I could call this method (RunUntilEmpty) recursively, but unfortunately the stack can be really huge and is likely to result in an overflow.
Could you please tell me how to achieve this? Is there a way of doing this kind of actions in C#?
If I understand correctly, you basically start out with some collection of Job objects, each representing some task which can itself create one or more new Job objects as a result of performing its task.
Your updated code example looks like it will basically accomplish this. But note that, as commenter CommuSoft points out, it won't make most efficient use of your CPU cores. Because you are only updating the list of jobs after each group of jobs has completed, there's no way for newly-generated jobs to run until all of the previously-generated jobs have completed.
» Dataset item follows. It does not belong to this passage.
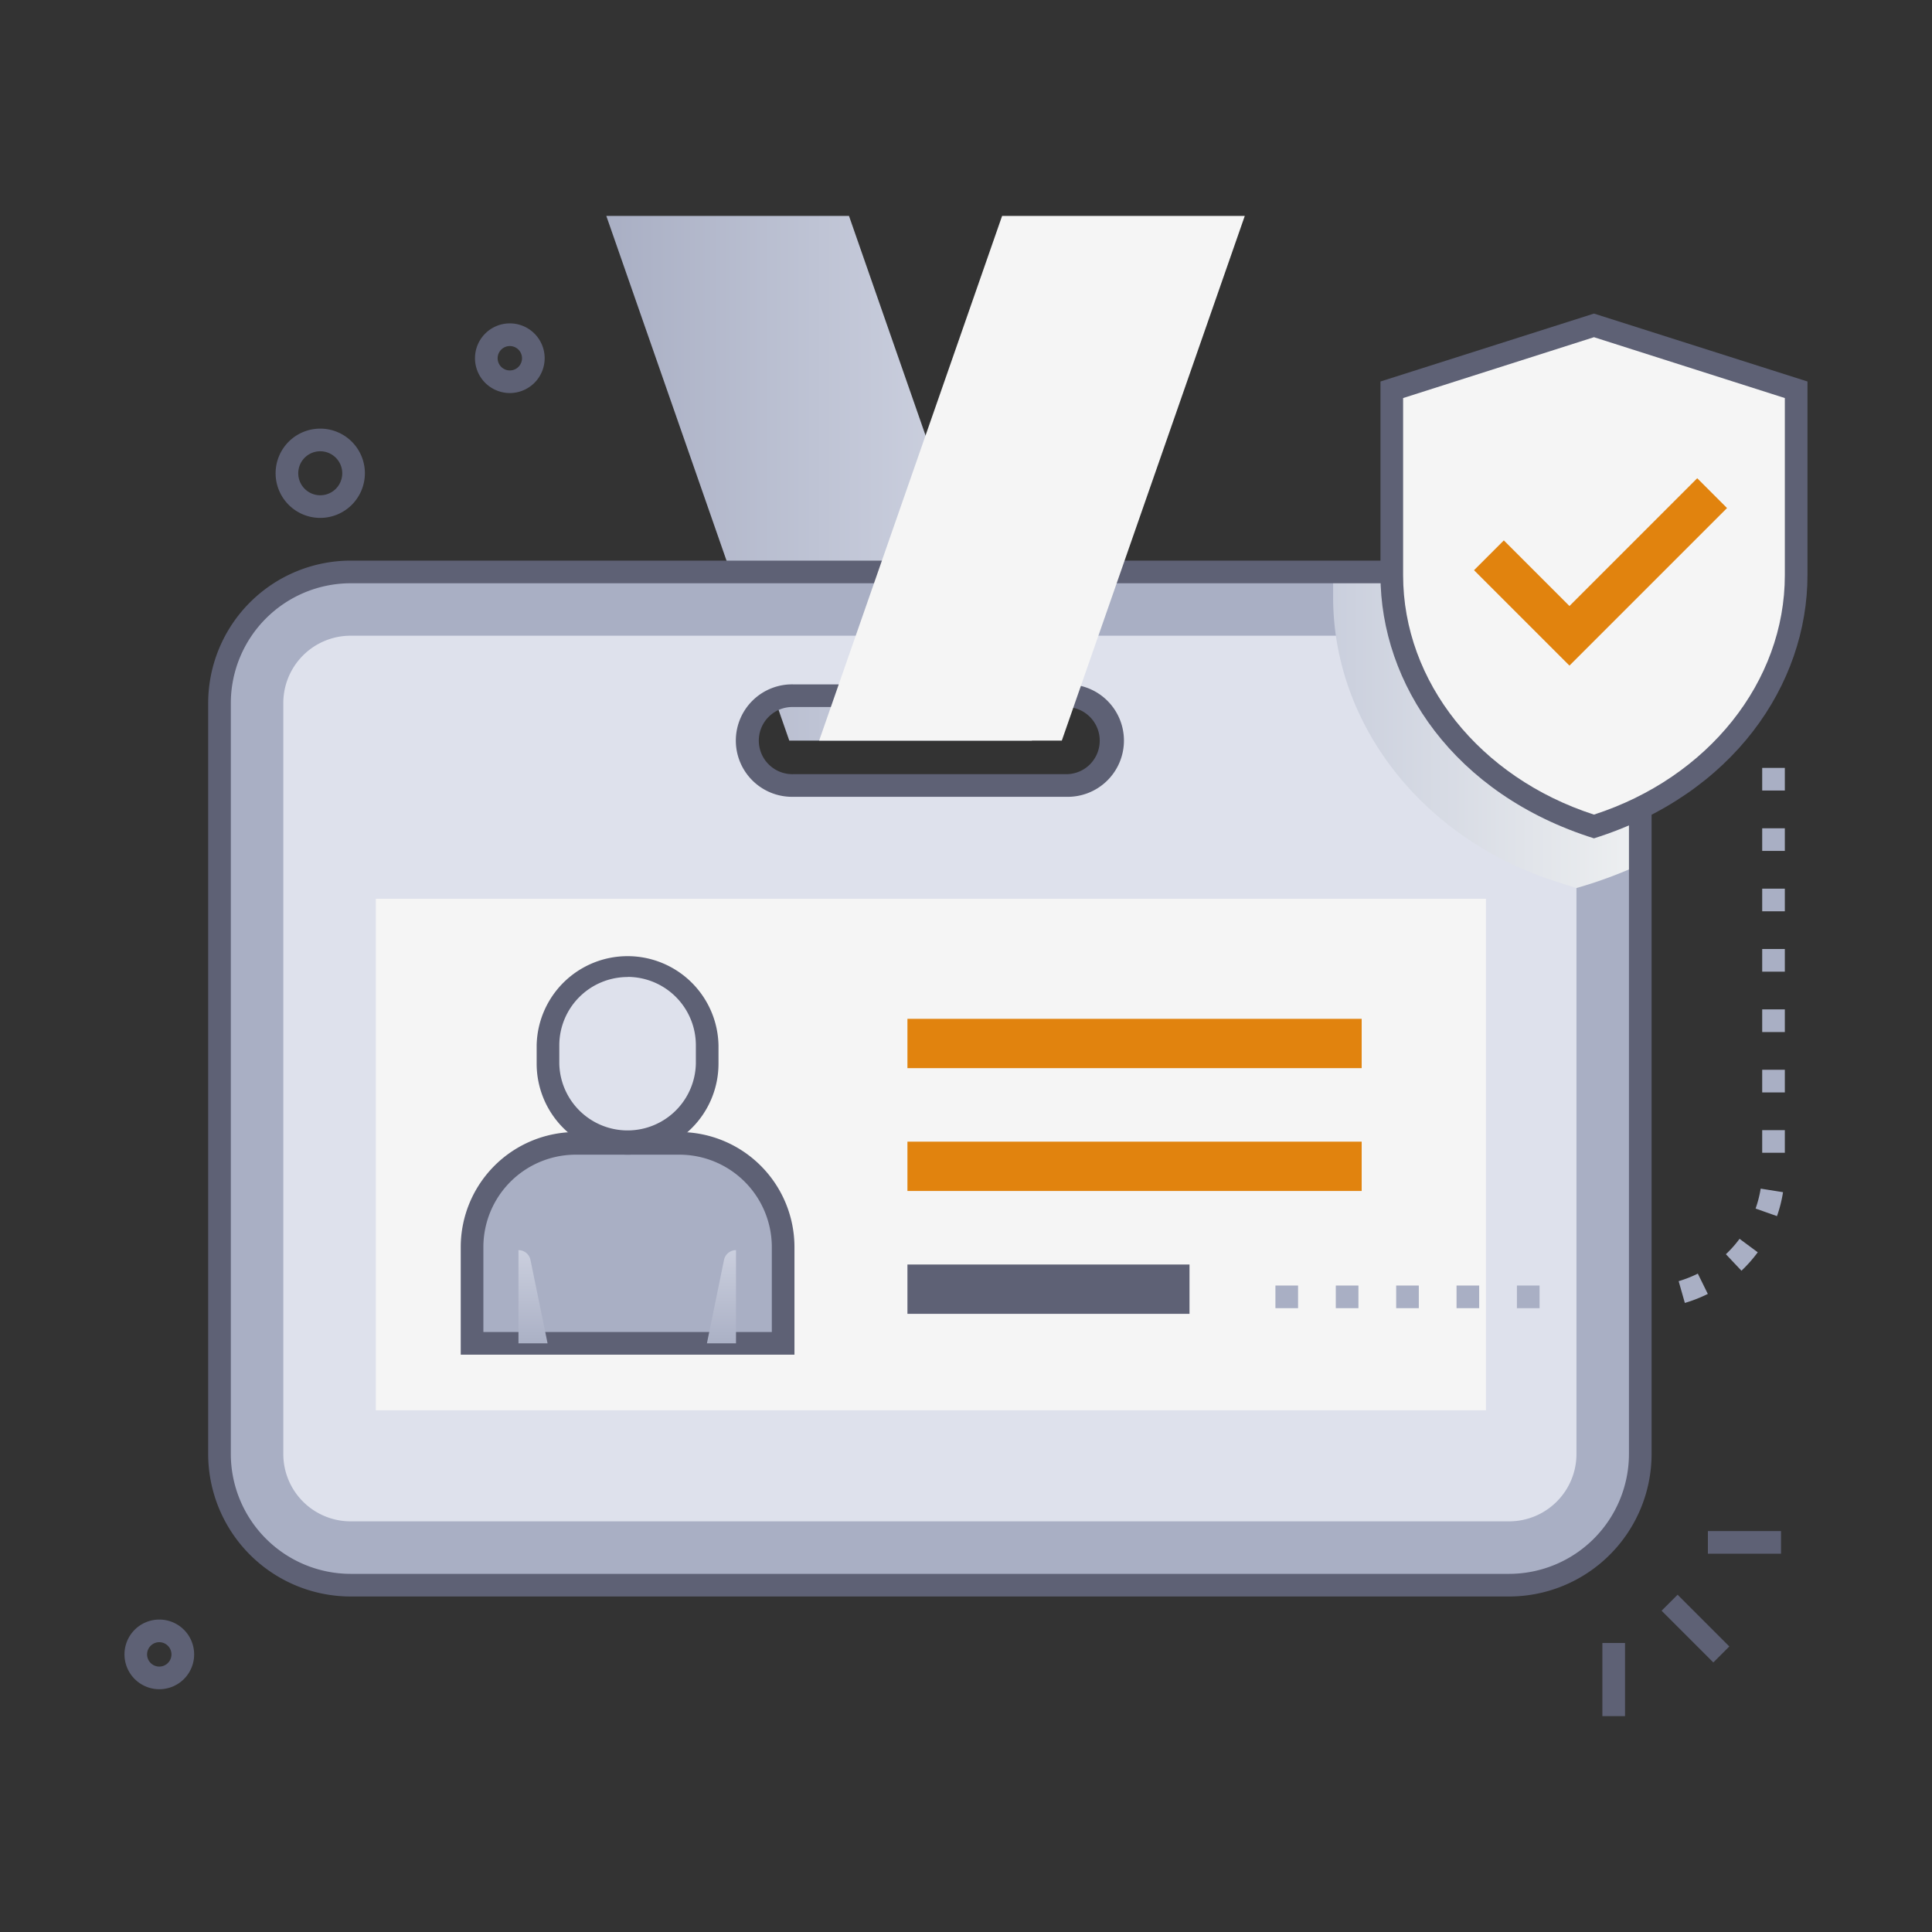 <svg xmlns="http://www.w3.org/2000/svg" xmlns:xlink="http://www.w3.org/1999/xlink" viewBox="0 0 512 512"><rect x="0" y="0" width="512" height="512" fill="#333333" stroke="none"/><defs><style>.cls-1{isolation:isolate;}.cls-10,.cls-2,.cls-5,.cls-9{mix-blend-mode:multiply;}.cls-2{fill:url(#linear-gradient);}.cls-3{fill:#a9afc4;}.cls-4{fill:#dee1ec;}.cls-5{fill:url(#linear-gradient-2);}.cls-6{fill:#5e6175;}.cls-7{fill:#f5f5f5;}.cls-8{fill:#e1830e;}.cls-9{fill:url(#linear-gradient-3);}.cls-10{fill:url(#linear-gradient-4);}</style><linearGradient id="linear-gradient" x1="160.68" y1="126.74" x2="273.48" y2="126.74" gradientUnits="userSpaceOnUse"><stop offset="0" stop-color="#a9afc4"/><stop offset="1" stop-color="#d4d8e5"/></linearGradient><linearGradient id="linear-gradient-2" x1="353.29" y1="193.45" x2="434.68" y2="193.45" gradientUnits="userSpaceOnUse"><stop offset="0" stop-color="#cacfdd"/><stop offset="1" stop-color="#eef0f1"/></linearGradient><linearGradient id="linear-gradient-3" x1="141.25" y1="357.28" x2="141.25" y2="324.21" xlink:href="#linear-gradient"/><linearGradient id="linear-gradient-4" x1="191.2" y1="357.28" x2="191.2" y2="324.21" xlink:href="#linear-gradient"/></defs><title>Id Card</title><g class="cls-1"><g id="Id_Card" data-name="Id Card"><polygon class="cls-2" points="209.17 196.27 273.48 196.27 224.99 57.22 160.68 57.22 209.17 196.27"/><path class="cls-3" d="M399.93,151.57h-307a34.76,34.76,0,0,0-34.76,34.76v199a34.76,34.76,0,0,0,34.76,34.76h307a34.77,34.77,0,0,0,34.76-34.76v-199A34.76,34.76,0,0,0,399.93,151.57ZM282.57,208.16H210.29a11.9,11.9,0,1,1,0-23.79h72.28a11.9,11.9,0,1,1,0,23.79Z"/><path class="cls-4" d="M399.93,168.47h-307a17.84,17.84,0,0,0-17.85,17.86v199a17.84,17.84,0,0,0,17.85,17.84h307a17.85,17.85,0,0,0,17.85-17.84v-199A17.85,17.85,0,0,0,399.93,168.47ZM282.57,208.16H210.29a11.9,11.9,0,1,1,0-23.79h72.28a11.9,11.9,0,1,1,0,23.79Z"/><path class="cls-5" d="M434.68,186.33v42.76a118,118,0,0,1-16.9,6.25l-4.86-1.54c-35.65-11.18-59.63-41.58-59.63-75.6v-6.63h46.63A34.76,34.76,0,0,1,434.68,186.33Z"/><path class="cls-6" d="M399.93,423.09h-307a37.8,37.8,0,0,1-37.76-37.76v-199a37.8,37.8,0,0,1,37.76-37.76h307a37.8,37.8,0,0,1,37.76,37.76v199A37.8,37.8,0,0,1,399.93,423.09Zm-307-268.52a31.8,31.8,0,0,0-31.76,31.76v199a31.8,31.8,0,0,0,31.76,31.76h307a31.8,31.8,0,0,0,31.76-31.76v-199a31.8,31.8,0,0,0-31.76-31.76Z"/><path class="cls-6" d="M282.57,211.16H210.29a14.9,14.9,0,1,1,0-29.79h72.28a14.9,14.9,0,1,1,0,29.79Zm-72.28-23.79a8.9,8.9,0,1,0,0,17.79h72.28a8.8,8.8,0,0,0,6.29-2.61,8.91,8.91,0,0,0-6.29-15.18Z"/><rect class="cls-7" x="99.6" y="238.18" width="294.19" height="135.56"/><polygon class="cls-7" points="281.39 196.27 217.08 196.27 265.57 57.22 329.88 57.22 281.39 196.27"/><rect class="cls-8" x="240.48" y="270" width="120.38" height="13.07"/><rect class="cls-8" x="240.48" y="302.55" width="120.38" height="13.07"/><rect class="cls-6" x="240.48" y="335.11" width="74.75" height="13.07"/><path class="cls-7" d="M422.42,86.21,368.84,103.3v49.13c0,31.2,22.79,56.95,53.58,66.6,30.9-9.69,53.58-35.51,53.58-66.6V103.3Z"/><path class="cls-6" d="M422.42,222.17c-37.1-11.66-56.58-40.93-56.58-69.74V101.1l56.58-18,56.58,18v51.33C479,181.34,459.4,210.55,422.42,222.17ZM371.84,105.49v46.94c0,28.24,20.29,53.65,50.58,63.45,30.29-9.8,50.58-35.21,50.58-63.45V105.49L422.42,89.36Z"/><path class="cls-3" d="M125.1,356V330.45A27.47,27.47,0,0,1,152.57,303h27.49a27.48,27.48,0,0,1,27.48,27.48V356Z"/><path class="cls-7" d="M166.32,303a21.1,21.1,0,0,1-21.1-21.09V277a21.1,21.1,0,0,1,42.19,0v4.9A21.09,21.09,0,0,1,166.32,303Z"/><path class="cls-4" d="M166.32,303a21.1,21.1,0,0,1-21.1-21.09V277a21.1,21.1,0,0,1,42.19,0v4.9A21.09,21.09,0,0,1,166.32,303Z"/><path class="cls-6" d="M210.54,359H122.1V330.45A30.51,30.51,0,0,1,152.57,300h27.49a30.51,30.51,0,0,1,30.48,30.48Zm-82.44-6h76.44V330.45A24.51,24.51,0,0,0,180.06,306H152.57a24.5,24.5,0,0,0-24.47,24.48Z"/><path class="cls-6" d="M166.32,306a24.12,24.12,0,0,1-24.1-24.09V277a24.1,24.1,0,0,1,48.19,0v4.9A24.12,24.12,0,0,1,166.32,306Zm0-47.08A18.12,18.12,0,0,0,148.22,277v4.9a18.1,18.1,0,0,0,36.19,0V277A18.11,18.11,0,0,0,166.32,258.89Z"/><path class="cls-9" d="M137.4,356v-24.7a3.25,3.25,0,0,1,3.18,2.59L145.11,356Z"/><path class="cls-10" d="M195.05,356v-24.7a3.25,3.25,0,0,0-3.18,2.59L187.34,356Z"/><path class="cls-6" d="M84.87,137.25A11.83,11.83,0,1,1,96.7,125.42,11.85,11.85,0,0,1,84.87,137.25Zm0-17.66a5.83,5.83,0,1,0,5.83,5.83A5.84,5.84,0,0,0,84.87,119.59Z"/><path class="cls-6" d="M135.12,104.16a9.23,9.23,0,1,1,9.22-9.23A9.24,9.24,0,0,1,135.12,104.16Zm0-12.45a3.23,3.23,0,1,0,3.22,3.22A3.23,3.23,0,0,0,135.12,91.71Z"/><path class="cls-6" d="M42.22,447.66a9.23,9.23,0,1,1,9.23-9.23A9.22,9.22,0,0,1,42.22,447.66Zm0-12.46a3.23,3.23,0,1,0,3.22,3.23A3.24,3.24,0,0,0,42.23,435.2Z"/><rect class="cls-6" x="446.31" y="421.89" width="6" height="19.38" transform="translate(-173.57 444.13) rotate(-45)"/><rect class="cls-6" x="452.61" y="405.75" width="19.38" height="6"/><rect class="cls-6" x="424.65" y="435.41" width="6" height="19.38"/><polygon class="cls-8" points="415.92 176.39 390.63 151.11 398.53 143.21 415.92 160.6 449.78 126.74 457.68 134.64 415.92 176.39"/><path class="cls-3" d="M446.5,345.29l-1.64-5.77a31,31,0,0,0,5.08-2l2.65,5.38A36.84,36.84,0,0,1,446.5,345.29Zm15-8.54-4.12-4.37A30.52,30.52,0,0,0,461,328.3l4.82,3.57A36.5,36.5,0,0,1,461.51,336.75Zm9.41-14.47-5.66-2A31,31,0,0,0,466.6,315l5.92.94A35.37,35.37,0,0,1,470.92,322.28ZM473,305.5h-6v-6h6Zm0-16h-6v-6h6Zm0-16h-6v-6h6Zm0-16h-6v-6h6Zm0-16h-6v-6h6Zm0-16h-6v-6h6Zm0-16h-6v-6h6Z"/><path class="cls-3" d="M408,346.68h-6v-6h6Zm-16,0h-6v-6h6Zm-16,0h-6v-6h6Zm-16,0h-6v-6h6Zm-16,0h-6v-6h6Z"/></g></g></svg>

A better implementation would use a single queue of jobs, continually retrieving new Job objects for execution as old ones complete.
I agree that TPL Dataflow may be a useful way to implement this. However, depending on your needs, you might find it simple enough to just queue the tasks directly to the thread pool and use CountdownEvent to track the progress of the work so that your RunUntilEmpty() method knows when to return.
Without a good, minimal, complete code example, it's impossible to provide an answer that includes a similarly complete code example. But hopefully the below snippet illustrates the basic idea well enough:
public void RunUntilEmpty(List<Job> jobs)
{
CountdownEvent countdown = new CountdownEvent(1);
QueueJobs(jobs, countdown);
countdown.Signal();
countdown.Wait();
}
private static void QueueJobs(List<Job> jobs, CountdownEvent countdown)
{
foreach (Job job in jobs)
{
countdown.AddCount(1);
Task.Run(() =>
{
// after a job is done, it may return new jobs to do
QueueJobs(job.Do(), countdown);
countdown.Signal();
});
}
}
The basic idea is to queue a new task for each Job object, incrementing the counter of the CountdownEvent for each task that is queued. The tasks themselves do three things:
Run the Do() method,
Queue any new tasks, using the QueueJobs() method so that the CountdownEvent object's counter is incremented accordingly, and
Signal the CountdownEvent, decrementing its counter for the current task
The main RunUntilEmpty() signals the CountdownEvent to account for the single count it contributed to the object's counter when it created it, and then waits for the counter to reach zero.
Note that the calls to QueueJobs() are not recursive. The QueueJobs() method is not called by itself, but rather by the anonymous method declared within it, which is itself also not called by QueueJobs(). So there is no stack-overflow issue here.
The key feature in the above is that tasks are continuously queued as they become known, i.e. as they are returned by the previously-executed Do() method calls. Thus, the available CPU cores are kept busy by the thread pool, at least to the extent that any completed Do() method has in fact returned any new Job object to run. This addresses the main problem with the version of the code you've included in your question.